**Task inputs**:

::::

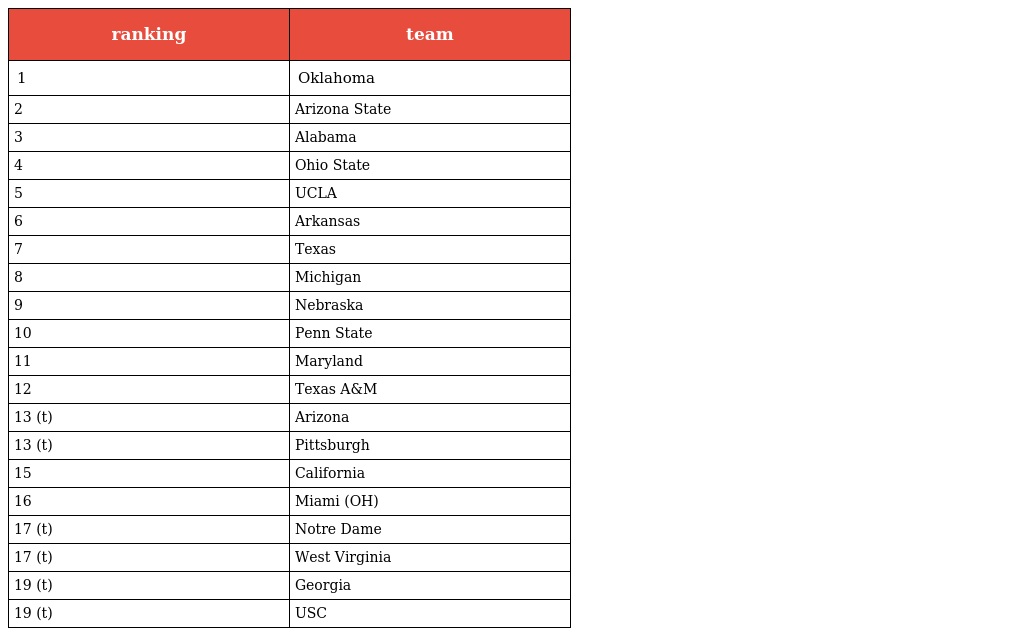
| ranking | team |
 | --- | --- |
 | 1 | Oklahoma |
 | 2 | Arizona State |
 | 3 | Alabama |
 | 4 | Ohio State |
 | 5 | UCLA |
 | 6 | Arkansas |
 | 7 | Texas |
 | 8 | Michigan |
 | 9 | Nebraska |
 | 10 | Penn State |
 | 11 | Maryland |
 | 12 | Texas A&M |
 | 13 (t) | Arizona |
 | 13 (t) | Pittsburgh |
 | 15 | California |
 | 16 | Miami (OH) |
 | 17 (t) | Notre Dame |
 | 17 (t) | West Virginia |
 | 19 (t) | Georgia |
 | 19 (t) | USC |

::::

Scan the listing and copy every line where the string "State" shows up.

**Output of the task**:
 | 2 | Arizona State |
 | 4 | Ohio State |
 | 10 | Penn State |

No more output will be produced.